Gao Xinming, Gong Yongshun, Xu TianTian, Lu Jinhu, Zhao Yuhai, Dong Xiangjun
IEEE Trans Neural Netw Learn Syst. 2023 Feb;34(2):571-585. doi: 10.1109/TNNLS.2020.3041732. Epub 2023 Feb 3.
Nonoccurring behavior (NOB) studies have attracted the growing attention of scholars as a crucial part of behavioral science. As an effective method to discover both NOB and occurring behaviors (OB), negative sequential pattern (NSP) mining is successfully used in analyzing medical treatment and abnormal behavior patterns. At this time, NSP mining is still an active and challenging research domain. Most of the algorithms are inefficient in practice. Briefly, the key weaknesses of NSP mining are: 1) an inefficient positive sequential pattern (PSP) mining process, 2) a strict constraint of negative containment, and 3) the lack of an effective Negative Sequential Candidate (NSC) generation method. To address these weaknesses, we propose a highly efficient algorithm with improved techniques, named sc-NSP, to mine NSP efficiently. We first propose an improved PrefixSpan algorithm in the PSP mining process, which connects to a bitmap storage structure instead of the original structure. Second, sc-NSP loosens the frequency constraint and exploits the NSC generation method of positive and negative sequential patterns mining (PNSP) (a classic NSP mining method). Furthermore, a novel pruning strategy is designed to reduce the computational complexity of sc-NSP. Finally, sc-NSP obtains the support of NSC by using the most efficient bitwise-based calculation operation. Theoretical analyses show that sc-NSP performs particularly well on data sets with a large number of elements and items in sequence. Comparison and extensive experiments along with case studies on health data show that sc-NSP is 10 times more efficient than other state-of-the-art methods, and the number of NSPs obtained is 5 times greater than other methods.

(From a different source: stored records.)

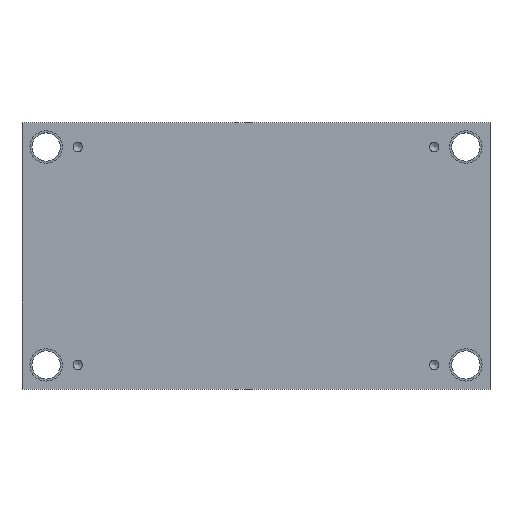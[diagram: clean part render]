
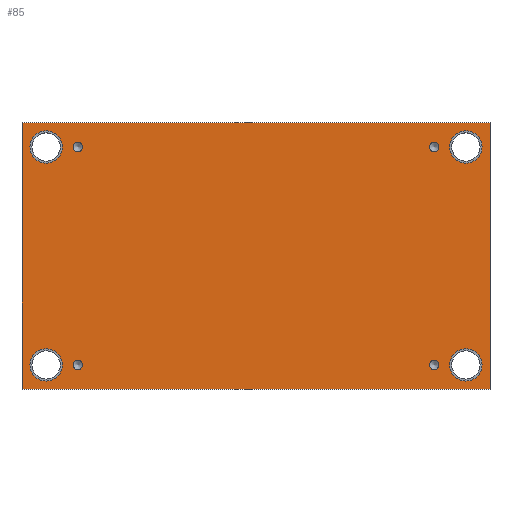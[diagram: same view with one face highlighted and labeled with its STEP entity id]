
A CAD part, top view. The second image highlights one B-rep face of the part: STEP entity #85.
In plain terms, the highlighted planar face has unit normal (0, 0, 1).
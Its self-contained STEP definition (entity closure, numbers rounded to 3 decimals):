
#85 = ADVANCED_FACE( '', ( #128, #129, #130, #131, #132, #133, #134, #135, #136 ), #137, .T. );
#128 = FACE_BOUND( '', #212, .T. );
#129 = FACE_BOUND( '', #213, .T. );
#130 = FACE_BOUND( '', #214, .T. );
#131 = FACE_BOUND( '', #215, .T. );
#132 = FACE_BOUND( '', #216, .T. );
#133 = FACE_BOUND( '', #217, .T. );
#134 = FACE_BOUND( '', #218, .T. );
#135 = FACE_BOUND( '', #219, .T. );
#136 = FACE_OUTER_BOUND( '', #220, .T. );
#137 = PLANE( '', #221 );
#212 = EDGE_LOOP( '', ( #327 ) );
#213 = EDGE_LOOP( '', ( #328 ) );
#214 = EDGE_LOOP( '', ( #329 ) );
#215 = EDGE_LOOP( '', ( #330 ) );
#216 = EDGE_LOOP( '', ( #331 ) );
#217 = EDGE_LOOP( '', ( #332 ) );
#218 = EDGE_LOOP( '', ( #333 ) );
#219 = EDGE_LOOP( '', ( #334 ) );
#220 = EDGE_LOOP( '', ( #335, #336, #337, #338 ) );
#221 = AXIS2_PLACEMENT_3D( '', #339, #340, #341 );
#327 = ORIENTED_EDGE( '', *, *, #433, .T. );
#328 = ORIENTED_EDGE( '', *, *, #448, .T. );
#329 = ORIENTED_EDGE( '', *, *, #449, .T. );
#330 = ORIENTED_EDGE( '', *, *, #450, .T. );
#331 = ORIENTED_EDGE( '', *, *, #451, .T. );
#332 = ORIENTED_EDGE( '', *, *, #452, .T. );
#333 = ORIENTED_EDGE( '', *, *, #453, .T. );
#334 = ORIENTED_EDGE( '', *, *, #454, .T. );
#335 = ORIENTED_EDGE( '', *, *, #429, .T. );
#336 = ORIENTED_EDGE( '', *, *, #438, .T. );
#337 = ORIENTED_EDGE( '', *, *, #441, .T. );
#338 = ORIENTED_EDGE( '', *, *, #443, .T. );
#339 = CARTESIAN_POINT( '', ( -347.85, 197.85, 56. ) );
#340 = DIRECTION( '', ( 0., 0., 1. ) );
#341 = DIRECTION( '', ( 1., 0., 0. ) );
#429 = EDGE_CURVE( '', #472, #470, #473, .T. );
#433 = EDGE_CURVE( '', #477, #477, #478, .T. );
#438 = EDGE_CURVE( '', #470, #483, #485, .T. );
#441 = EDGE_CURVE( '', #483, #488, #490, .T. );
#443 = EDGE_CURVE( '', #488, #472, #492, .T. );
#448 = EDGE_CURVE( '', #501, #501, #502, .T. );
#449 = EDGE_CURVE( '', #503, #503, #504, .T. );
#450 = EDGE_CURVE( '', #505, #505, #506, .T. );
#451 = EDGE_CURVE( '', #507, #507, #508, .T. );
#452 = EDGE_CURVE( '', #509, #509, #510, .T. );
#453 = EDGE_CURVE( '', #511, #511, #512, .T. );
#454 = EDGE_CURVE( '', #513, #513, #514, .T. );
#470 = VERTEX_POINT( '', #539 );
#472 = VERTEX_POINT( '', #542 );
#473 = LINE( '', #543, #544 );
#477 = VERTEX_POINT( '', #549 );
#478 = CIRCLE( '', #550, 7. );
#483 = VERTEX_POINT( '', #556 );
#485 = LINE( '', #559, #560 );
#488 = VERTEX_POINT( '', #564 );
#490 = LINE( '', #567, #568 );
#492 = LINE( '', #571, #572 );
#501 = VERTEX_POINT( '', #581 );
#502 = CIRCLE( '', #582, 7. );
#503 = VERTEX_POINT( '', #583 );
#504 = CIRCLE( '', #584, 7. );
#505 = VERTEX_POINT( '', #585 );
#506 = CIRCLE( '', #586, 7. );
#507 = VERTEX_POINT( '', #587 );
#508 = CIRCLE( '', #588, 24. );
#509 = VERTEX_POINT( '', #589 );
#510 = CIRCLE( '', #590, 24. );
#511 = VERTEX_POINT( '', #591 );
#512 = CIRCLE( '', #592, 24. );
#513 = VERTEX_POINT( '', #593 );
#514 = CIRCLE( '', #594, 24. );
#539 = CARTESIAN_POINT( '', ( -347.85, 197.85, 56. ) );
#542 = CARTESIAN_POINT( '', ( 347.85, 197.85, 56. ) );
#543 = CARTESIAN_POINT( '', ( 347.85, 197.85, 56. ) );
#544 = VECTOR( '', #617, 1000. );
#549 = CARTESIAN_POINT( '', ( -265., -169., 56. ) );
#550 = AXIS2_PLACEMENT_3D( '', #622, #623, #624 );
#556 = CARTESIAN_POINT( '', ( -347.85, -197.85, 56. ) );
#559 = CARTESIAN_POINT( '', ( -347.85, 197.85, 56. ) );
#560 = VECTOR( '', #630, 1000. );
#564 = CARTESIAN_POINT( '', ( 347.85, -197.85, 56. ) );
#567 = CARTESIAN_POINT( '', ( -347.85, -197.85, 56. ) );
#568 = VECTOR( '', #633, 1000. );
#571 = CARTESIAN_POINT( '', ( 347.85, -197.85, 56. ) );
#572 = VECTOR( '', #635, 1000. );
#581 = CARTESIAN_POINT( '', ( 265., -169., 56. ) );
#582 = AXIS2_PLACEMENT_3D( '', #648, #649, #650 );
#583 = CARTESIAN_POINT( '', ( 265., 155., 56. ) );
#584 = AXIS2_PLACEMENT_3D( '', #651, #652, #653 );
#585 = CARTESIAN_POINT( '', ( -265., 155., 56. ) );
#586 = AXIS2_PLACEMENT_3D( '', #654, #655, #656 );
#587 = CARTESIAN_POINT( '', ( 312., -186., 56. ) );
#588 = AXIS2_PLACEMENT_3D( '', #657, #658, #659 );
#589 = CARTESIAN_POINT( '', ( -312., -186., 56. ) );
#590 = AXIS2_PLACEMENT_3D( '', #660, #661, #662 );
#591 = CARTESIAN_POINT( '', ( -312., 138., 56. ) );
#592 = AXIS2_PLACEMENT_3D( '', #663, #664, #665 );
#593 = CARTESIAN_POINT( '', ( 312., 138., 56. ) );
#594 = AXIS2_PLACEMENT_3D( '', #666, #667, #668 );
#617 = DIRECTION( '', ( -1., 0., 0. ) );
#622 = CARTESIAN_POINT( '', ( -265., -162., 56. ) );
#623 = DIRECTION( '', ( 0., 0., -1. ) );
#624 = DIRECTION( '', ( 0., -1., 0. ) );
#630 = DIRECTION( '', ( 0., -1., 0. ) );
#633 = DIRECTION( '', ( 1., 0., 0. ) );
#635 = DIRECTION( '', ( 0., 1., 0. ) );
#648 = CARTESIAN_POINT( '', ( 265., -162., 56. ) );
#649 = DIRECTION( '', ( 0., 0., -1. ) );
#650 = DIRECTION( '', ( 0., -1., 0. ) );
#651 = CARTESIAN_POINT( '', ( 265., 162., 56. ) );
#652 = DIRECTION( '', ( 0., 0., -1. ) );
#653 = DIRECTION( '', ( 0., -1., 0. ) );
#654 = CARTESIAN_POINT( '', ( -265., 162., 56. ) );
#655 = DIRECTION( '', ( 0., 0., -1. ) );
#656 = DIRECTION( '', ( 0., -1., 0. ) );
#657 = CARTESIAN_POINT( '', ( 312., -162., 56. ) );
#658 = DIRECTION( '', ( 0., 0., -1. ) );
#659 = DIRECTION( '', ( 0., -1., 0. ) );
#660 = CARTESIAN_POINT( '', ( -312., -162., 56. ) );
#661 = DIRECTION( '', ( 0., 0., -1. ) );
#662 = DIRECTION( '', ( 0., -1., 0. ) );
#663 = CARTESIAN_POINT( '', ( -312., 162., 56. ) );
#664 = DIRECTION( '', ( 0., 0., -1. ) );
#665 = DIRECTION( '', ( 0., -1., 0. ) );
#666 = CARTESIAN_POINT( '', ( 312., 162., 56. ) );
#667 = DIRECTION( '', ( 0., 0., -1. ) );
#668 = DIRECTION( '', ( 0., -1., 0. ) );

非发生行为(NOB)研究作为行为科学的关键部分,已引起学者们越来越多的关注。作为发现非发生行为和发生行为(OB)的有效方法,负序列模式(NSP)挖掘已成功应用于分析医疗和异常行为模式。此时,NSP挖掘仍是一个活跃且具有挑战性的研究领域。大多数算法在实践中效率低下。简而言之,NSP挖掘的关键弱点在于:1)正序列模式(PSP)挖掘过程效率低下,2)对负包含的严格约束,以及3)缺乏有效的负序列候选(NSC)生成方法。为解决这些弱点,我们提出一种具有改进技术的高效算法,称为sc-NSP,以高效挖掘NSP。我们首先在PSP挖掘过程中提出一种改进的PrefixSpan算法,它连接到位图存储结构而非原始结构。其次,sc-NSP放宽频率约束并采用正负序列模式挖掘(PNSP)(一种经典的NSP挖掘方法)的NSC生成方法。此外,设计了一种新颖的剪枝策略以降低sc-NSP的计算复杂度。最后,sc-NSP通过使用最有效的基于位运算的计算操作来获得NSC的支持。理论分析表明,sc-NSP在具有大量元素和序列项的数据集上表现特别出色。通过对健康数据的比较、广泛实验以及案例研究表明,sc-NSP的效率比其他现有方法高10倍,并且获得的NSP数量比其他方法多5倍。